§ **Prompt**
Repeat every entry below exactly as given.
========================================================================
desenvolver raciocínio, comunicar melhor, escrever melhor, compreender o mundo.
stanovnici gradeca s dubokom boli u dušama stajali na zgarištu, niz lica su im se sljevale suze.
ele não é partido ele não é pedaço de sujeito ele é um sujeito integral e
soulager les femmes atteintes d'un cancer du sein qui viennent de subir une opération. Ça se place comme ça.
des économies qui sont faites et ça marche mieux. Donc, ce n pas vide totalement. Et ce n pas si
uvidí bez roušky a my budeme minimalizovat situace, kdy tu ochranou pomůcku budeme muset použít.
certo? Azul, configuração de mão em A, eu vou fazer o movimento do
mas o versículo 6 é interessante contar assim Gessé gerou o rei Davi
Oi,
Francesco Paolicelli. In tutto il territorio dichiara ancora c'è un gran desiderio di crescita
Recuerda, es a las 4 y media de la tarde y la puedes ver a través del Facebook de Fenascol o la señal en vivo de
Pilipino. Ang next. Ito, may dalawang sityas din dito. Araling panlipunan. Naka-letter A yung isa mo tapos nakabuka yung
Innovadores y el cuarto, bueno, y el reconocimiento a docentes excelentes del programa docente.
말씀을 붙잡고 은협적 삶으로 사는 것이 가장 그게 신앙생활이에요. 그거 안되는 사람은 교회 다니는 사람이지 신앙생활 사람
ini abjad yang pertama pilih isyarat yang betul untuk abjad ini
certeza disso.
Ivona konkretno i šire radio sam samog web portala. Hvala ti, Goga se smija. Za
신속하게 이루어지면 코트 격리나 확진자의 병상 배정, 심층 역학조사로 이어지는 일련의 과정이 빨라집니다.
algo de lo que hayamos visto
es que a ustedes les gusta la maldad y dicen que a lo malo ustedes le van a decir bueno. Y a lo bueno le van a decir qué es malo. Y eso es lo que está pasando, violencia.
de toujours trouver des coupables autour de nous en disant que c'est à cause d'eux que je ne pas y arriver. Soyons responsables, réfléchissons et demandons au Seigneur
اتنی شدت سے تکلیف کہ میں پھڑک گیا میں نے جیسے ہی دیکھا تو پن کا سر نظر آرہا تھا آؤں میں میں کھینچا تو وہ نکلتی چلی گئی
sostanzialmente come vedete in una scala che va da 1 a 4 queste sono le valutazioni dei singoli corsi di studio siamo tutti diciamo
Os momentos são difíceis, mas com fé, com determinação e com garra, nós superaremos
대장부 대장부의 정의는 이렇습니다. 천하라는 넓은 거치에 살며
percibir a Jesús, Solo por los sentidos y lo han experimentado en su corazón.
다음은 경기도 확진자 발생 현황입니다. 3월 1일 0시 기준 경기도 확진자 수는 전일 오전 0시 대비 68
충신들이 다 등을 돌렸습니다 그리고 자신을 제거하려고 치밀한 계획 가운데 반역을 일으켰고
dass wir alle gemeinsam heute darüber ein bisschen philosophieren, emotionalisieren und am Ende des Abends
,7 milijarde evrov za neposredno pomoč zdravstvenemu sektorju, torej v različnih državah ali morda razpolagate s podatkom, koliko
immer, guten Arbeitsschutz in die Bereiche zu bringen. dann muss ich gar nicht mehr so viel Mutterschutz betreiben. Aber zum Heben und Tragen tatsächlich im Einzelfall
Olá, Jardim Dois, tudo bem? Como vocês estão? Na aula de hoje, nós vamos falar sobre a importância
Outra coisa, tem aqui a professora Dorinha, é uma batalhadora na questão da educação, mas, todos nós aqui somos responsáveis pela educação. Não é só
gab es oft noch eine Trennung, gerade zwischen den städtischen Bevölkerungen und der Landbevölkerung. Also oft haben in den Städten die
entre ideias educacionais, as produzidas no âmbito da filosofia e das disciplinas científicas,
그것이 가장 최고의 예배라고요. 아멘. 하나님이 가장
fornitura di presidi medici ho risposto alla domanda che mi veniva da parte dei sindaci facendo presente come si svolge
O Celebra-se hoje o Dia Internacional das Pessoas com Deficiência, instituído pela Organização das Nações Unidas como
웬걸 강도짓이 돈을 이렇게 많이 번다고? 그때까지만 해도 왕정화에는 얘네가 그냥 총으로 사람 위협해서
========================================================================
§ **Response**
desenvolver raciocínio, comunicar melhor, escrever melhor, compreender o mundo.
stanovnici gradeca s dubokom boli u dušama stajali na zgarištu, niz lica su im se sljevale suze.
ele não é partido ele não é pedaço de sujeito ele é um sujeito integral e
soulager les femmes atteintes d'un cancer du sein qui viennent de subir une opération. Ça se place comme ça.
des économies qui sont faites et ça marche mieux. Donc, ce n pas vide totalement. Et ce n pas si
uvidí bez roušky a my budeme minimalizovat situace, kdy tu ochranou pomůcku budeme muset použít.
certo? Azul, configuração de mão em A, eu vou fazer o movimento do
mas o versículo 6 é interessante contar assim Gessé gerou o rei Davi
Oi,
Francesco Paolicelli. In tutto il territorio dichiara ancora c'è un gran desiderio di crescita
Recuerda, es a las 4 y media de la tarde y la puedes ver a través del Facebook de Fenascol o la señal en vivo de
Pilipino. Ang next. Ito, may dalawang sityas din dito. Araling panlipunan. Naka-letter A yung isa mo tapos nakabuka yung
Innovadores y el cuarto, bueno, y el reconocimiento a docentes excelentes del programa docente.
말씀을 붙잡고 은협적 삶으로 사는 것이 가장 그게 신앙생활이에요. 그거 안되는 사람은 교회 다니는 사람이지 신앙생활 사람
ini abjad yang pertama pilih isyarat yang betul untuk abjad ini
certeza disso.
Ivona konkretno i šire radio sam samog web portala. Hvala ti, Goga se smija. Za
신속하게 이루어지면 코트 격리나 확진자의 병상 배정, 심층 역학조사로 이어지는 일련의 과정이 빨라집니다.
algo de lo que hayamos visto
es que a ustedes les gusta la maldad y dicen que a lo malo ustedes le van a decir bueno. Y a lo bueno le van a decir qué es malo. Y eso es lo que está pasando, violencia.
de toujours trouver des coupables autour de nous en disant que c'est à cause d'eux que je ne pas y arriver. Soyons responsables, réfléchissons et demandons au Seigneur
اتنی شدت سے تکلیف کہ میں پھڑک گیا میں نے جیسے ہی دیکھا تو پن کا سر نظر آرہا تھا آؤں میں میں کھینچا تو وہ نکلتی چلی گئی
sostanzialmente come vedete in una scala che va da 1 a 4 queste sono le valutazioni dei singoli corsi di studio siamo tutti diciamo
Os momentos são difíceis, mas com fé, com determinação e com garra, nós superaremos
대장부 대장부의 정의는 이렇습니다. 천하라는 넓은 거치에 살며
percibir a Jesús, Solo por los sentidos y lo han experimentado en su corazón.
다음은 경기도 확진자 발생 현황입니다. 3월 1일 0시 기준 경기도 확진자 수는 전일 오전 0시 대비 68
충신들이 다 등을 돌렸습니다 그리고 자신을 제거하려고 치밀한 계획 가운데 반역을 일으켰고
dass wir alle gemeinsam heute darüber ein bisschen philosophieren, emotionalisieren und am Ende des Abends
,7 milijarde evrov za neposredno pomoč zdravstvenemu sektorju, torej v različnih državah ali morda razpolagate s podatkom, koliko
immer, guten Arbeitsschutz in die Bereiche zu bringen. dann muss ich gar nicht mehr so viel Mutterschutz betreiben. Aber zum Heben und Tragen tatsächlich im Einzelfall
Olá, Jardim Dois, tudo bem? Como vocês estão? Na aula de hoje, nós vamos falar sobre a importância
Outra coisa, tem aqui a professora Dorinha, é uma batalhadora na questão da educação, mas, todos nós aqui somos responsáveis pela educação. Não é só
gab es oft noch eine Trennung, gerade zwischen den städtischen Bevölkerungen und der Landbevölkerung. Also oft haben in den Städten die
entre ideias educacionais, as produzidas no âmbito da filosofia e das disciplinas científicas,
그것이 가장 최고의 예배라고요. 아멘. 하나님이 가장
fornitura di presidi medici ho risposto alla domanda che mi veniva da parte dei sindaci facendo presente come si svolge
O Celebra-se hoje o Dia Internacional das Pessoas com Deficiência, instituído pela Organização das Nações Unidas como
웬걸 강도짓이 돈을 이렇게 많이 번다고? 그때까지만 해도 왕정화에는 얘네가 그냥 총으로 사람 위협해서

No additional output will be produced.